Abstract:
Transthyretin amyloid cardiomyopathy (ATTR-CM) is a progressive, fatal disease. Dissociation of tetrameric transthyretin (TTR) is the triggering event in the pathogenic mechanism; destabilizing TTR mutations accelerate the process. The TTR stabilizers, tafamidis and acoramidis, are the only United States Food and Drug Administration (FDA) approved treatments for patients with ATTR-CM. By mimicking the stabilizing characteristics of the super-stabilizing, disease-protecting variant T119M, we hypothesize that acoramidis displays differential TTR binding, kinetic stability, and tetramer stabilization compared with other TTR stabilizers, such as tafamidis and diflunisal.
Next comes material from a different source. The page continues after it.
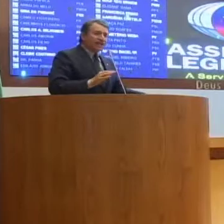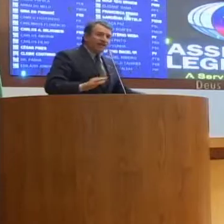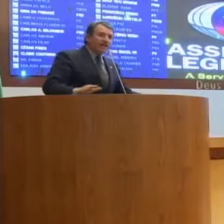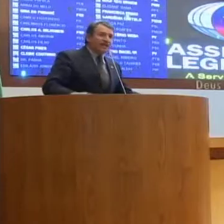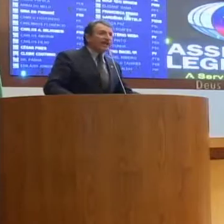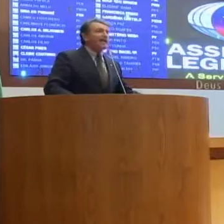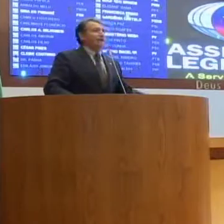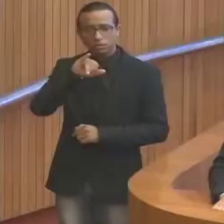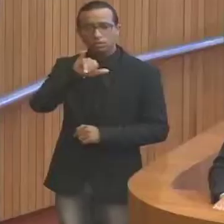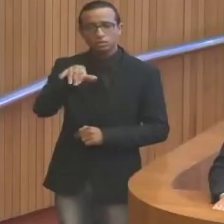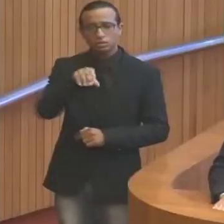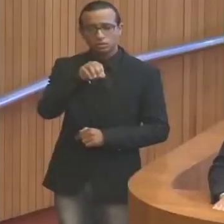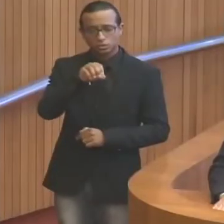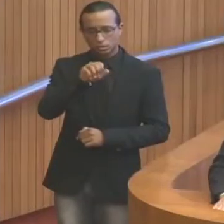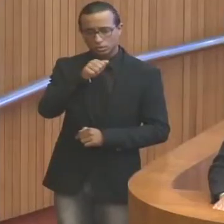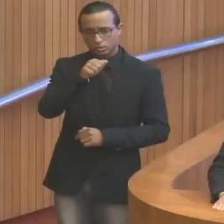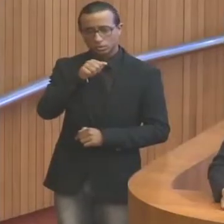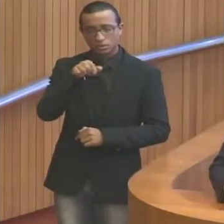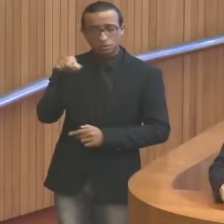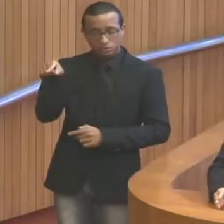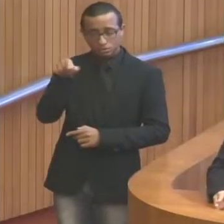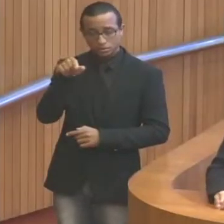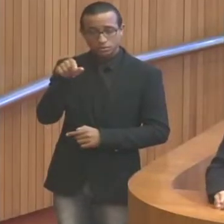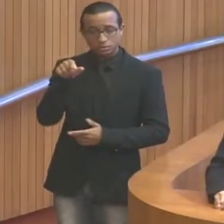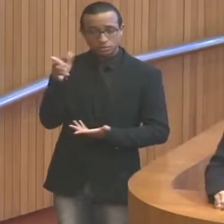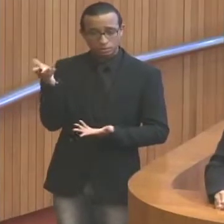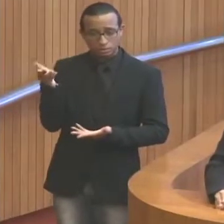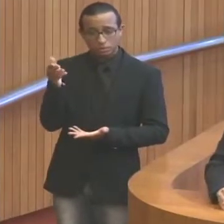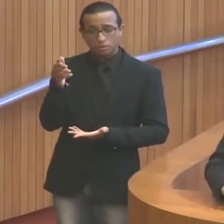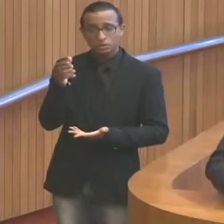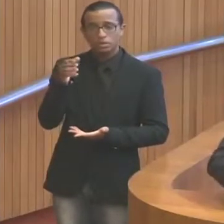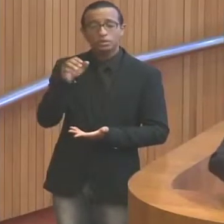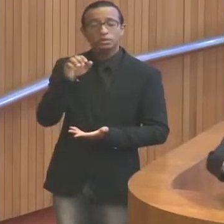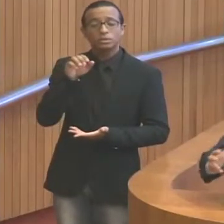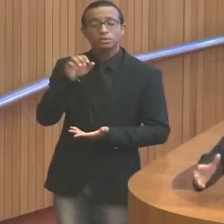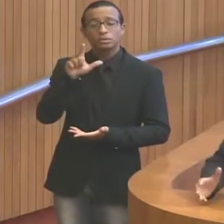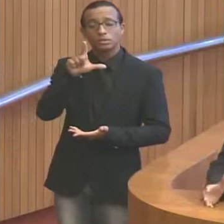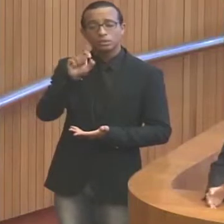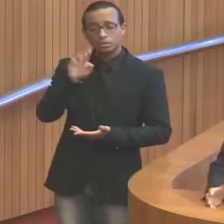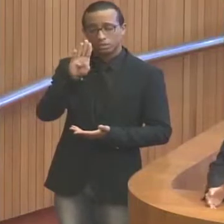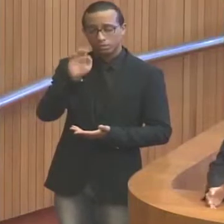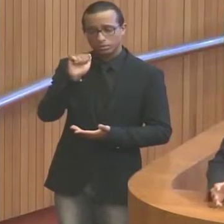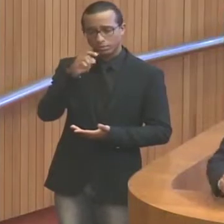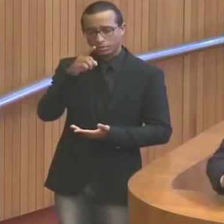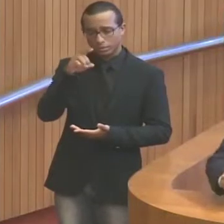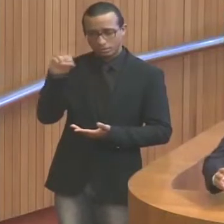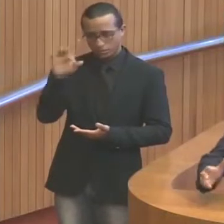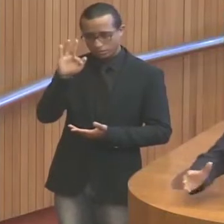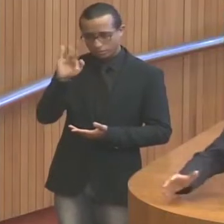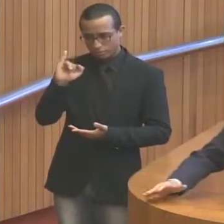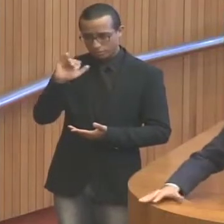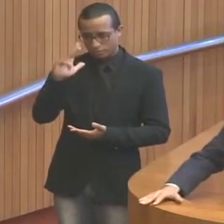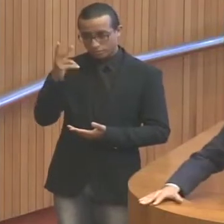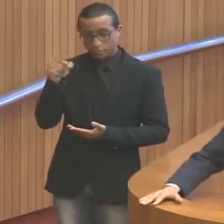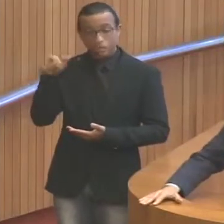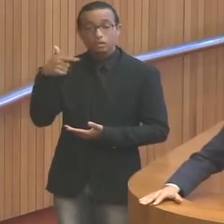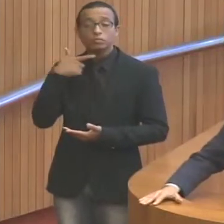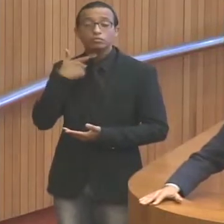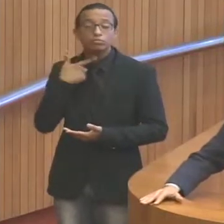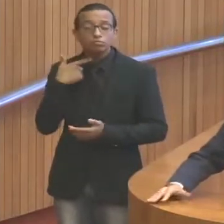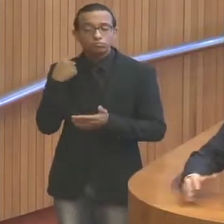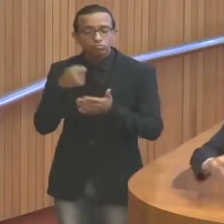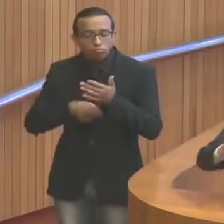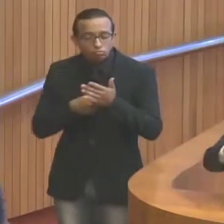Filho se defender. E, evidentemente, que nós estamos aqui. Quero dizer, a vossa excelência,
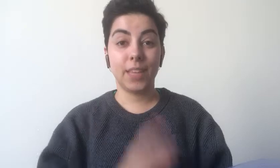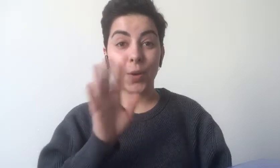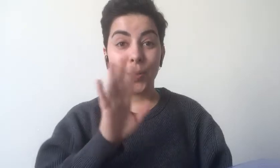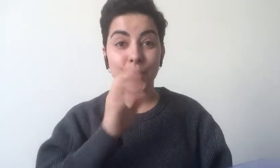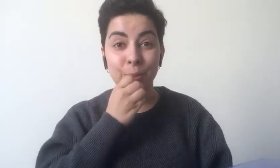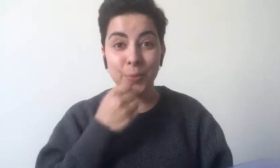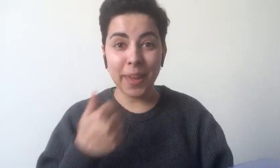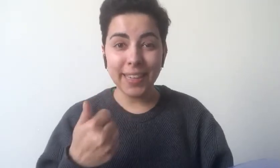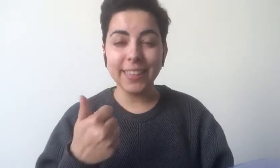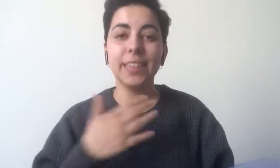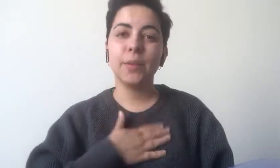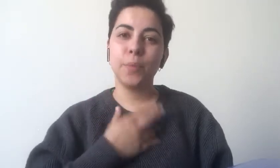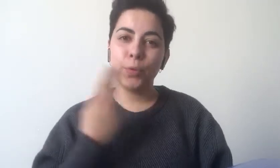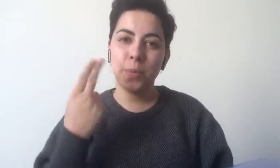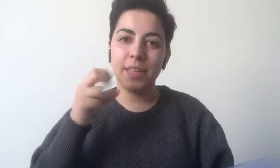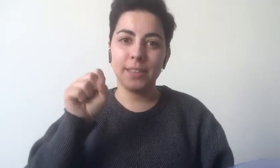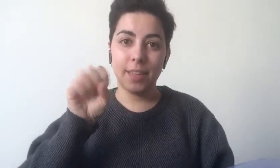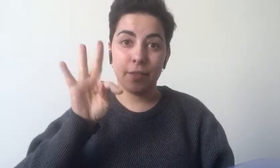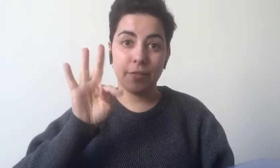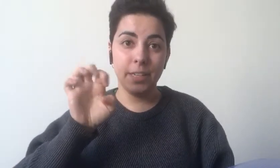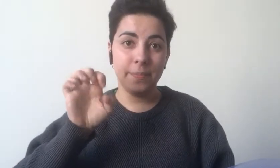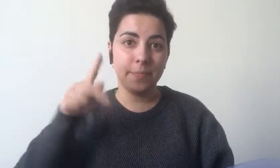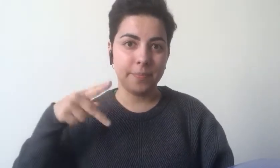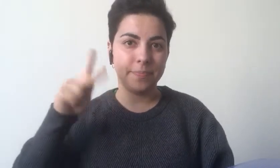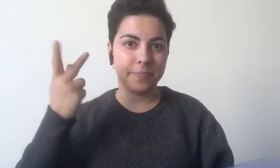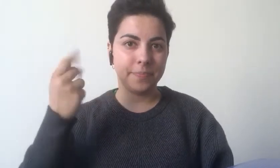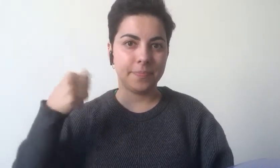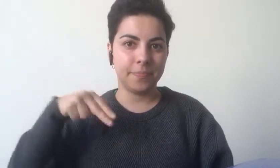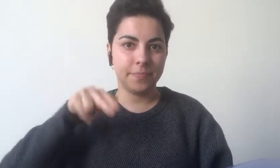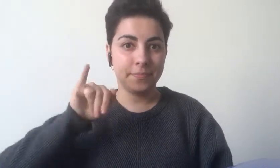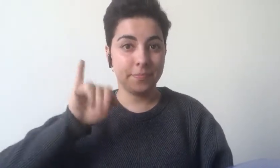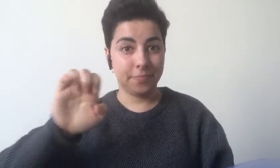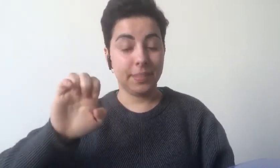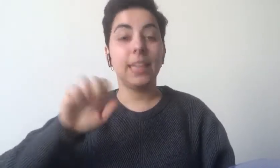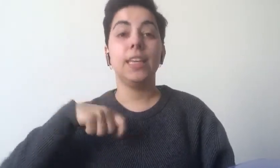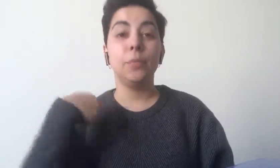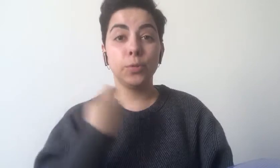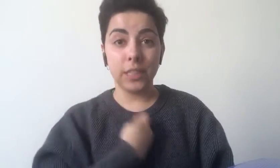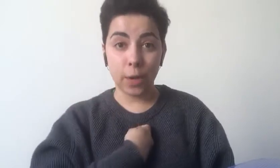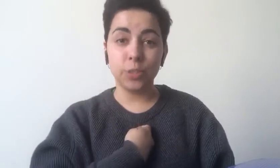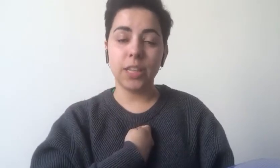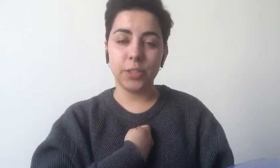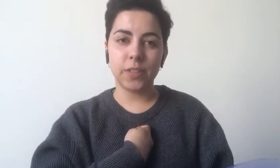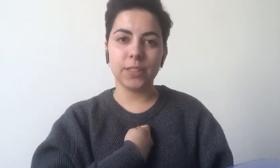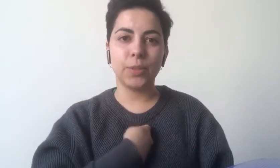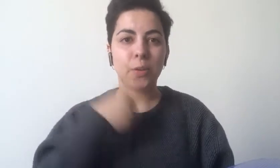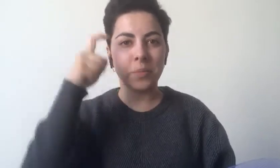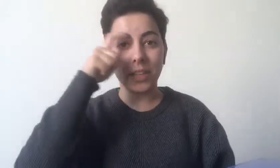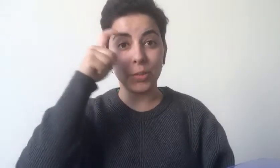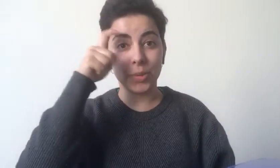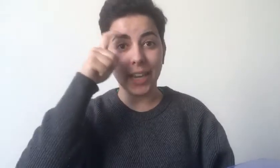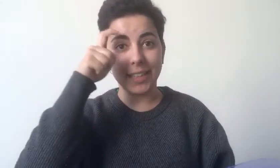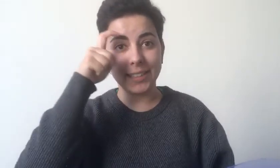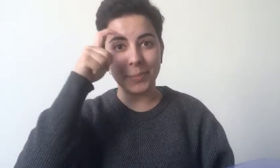Oi, tudo bem? Meu nome é Stephanie e meu sinal de identificação na comunidade surda é esse.
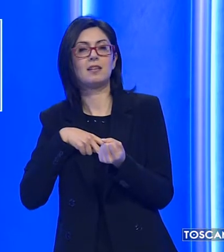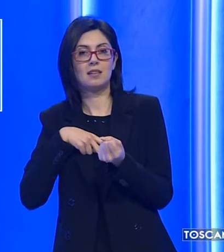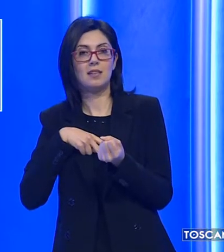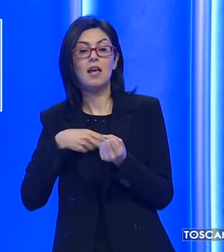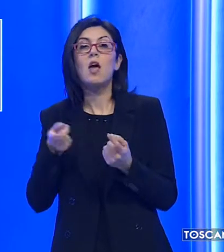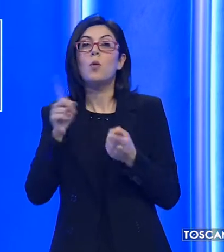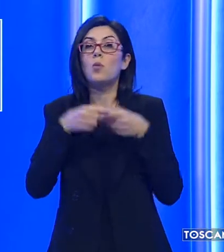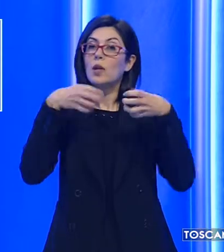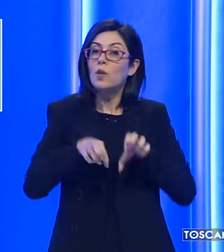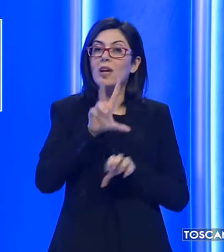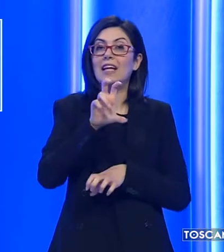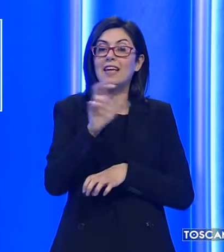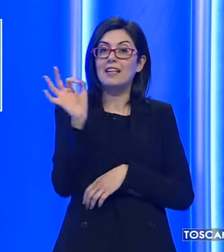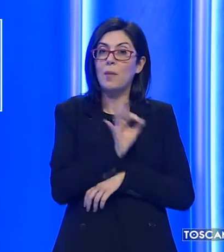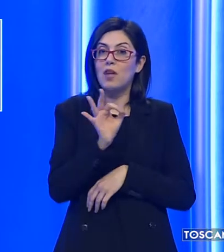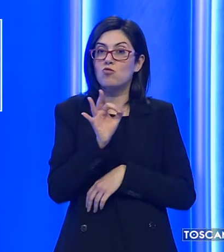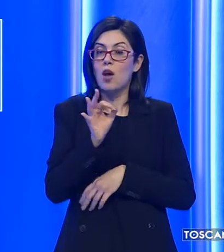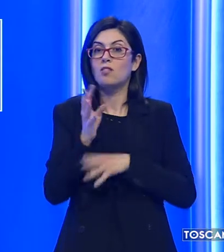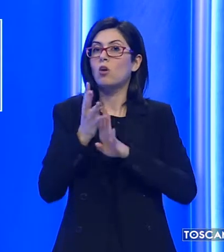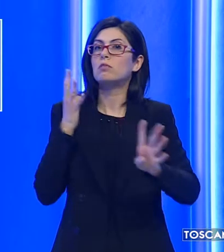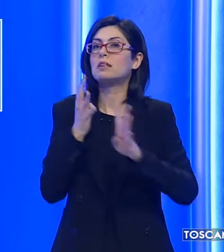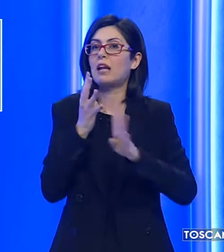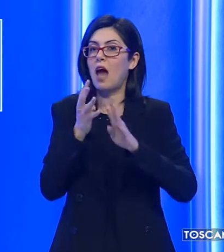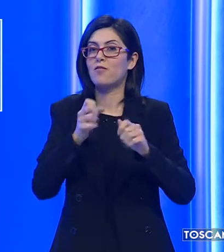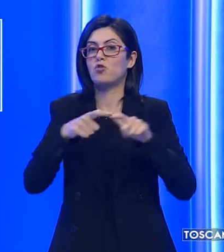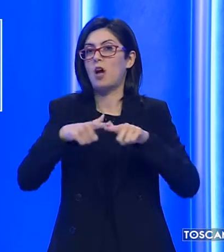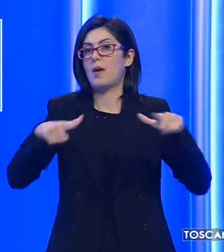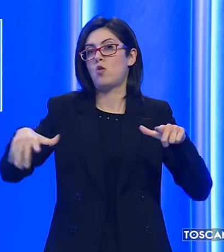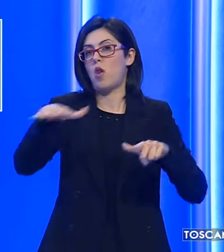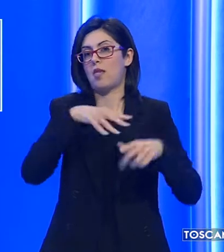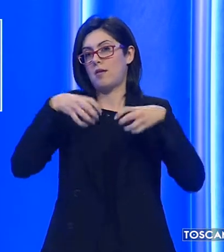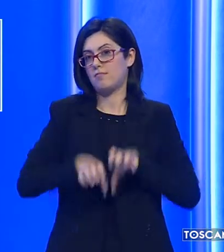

The TTR binding affinity and thermodynamic stability of TTR interaction of acoramidis and tafamidis were assessed by surface plasmon resonance and microscale thermophoresis (MST). Tetrameric TTR stabilization by acoramidis, tafamidis, and diflunisal in the presence of plasma proteins against acidic denaturation was measured by immune blots. In kinetic studies, surface plasmon resonance demonstrated 4 times longer residence time for acoramidis bound to TTR than tafamidis. The dissociation constants were consistent with those determined by equilibrium measurements in MST. The affinity of acoramidis for purified TTR, as measured by MST, was 4 times higher than that of tafamidis. When tested at clinically relevant plasma concentrations, acoramidis stabilized TTR against acidic denaturation to a much higher extent (≥90%) than tafamidis or diflunisal. Of note, both tafamidis and diflunisal demonstrated partial stabilization of tetrameric TTR. Relative to other stabilizers, acoramidis is more potent as independently assessed by TTR binding affinity, kinetic stability, and acid-mediated denaturation. These properties may contribute to the ability of acoramidis to achieve near-complete stabilization of TTR in plasma samples.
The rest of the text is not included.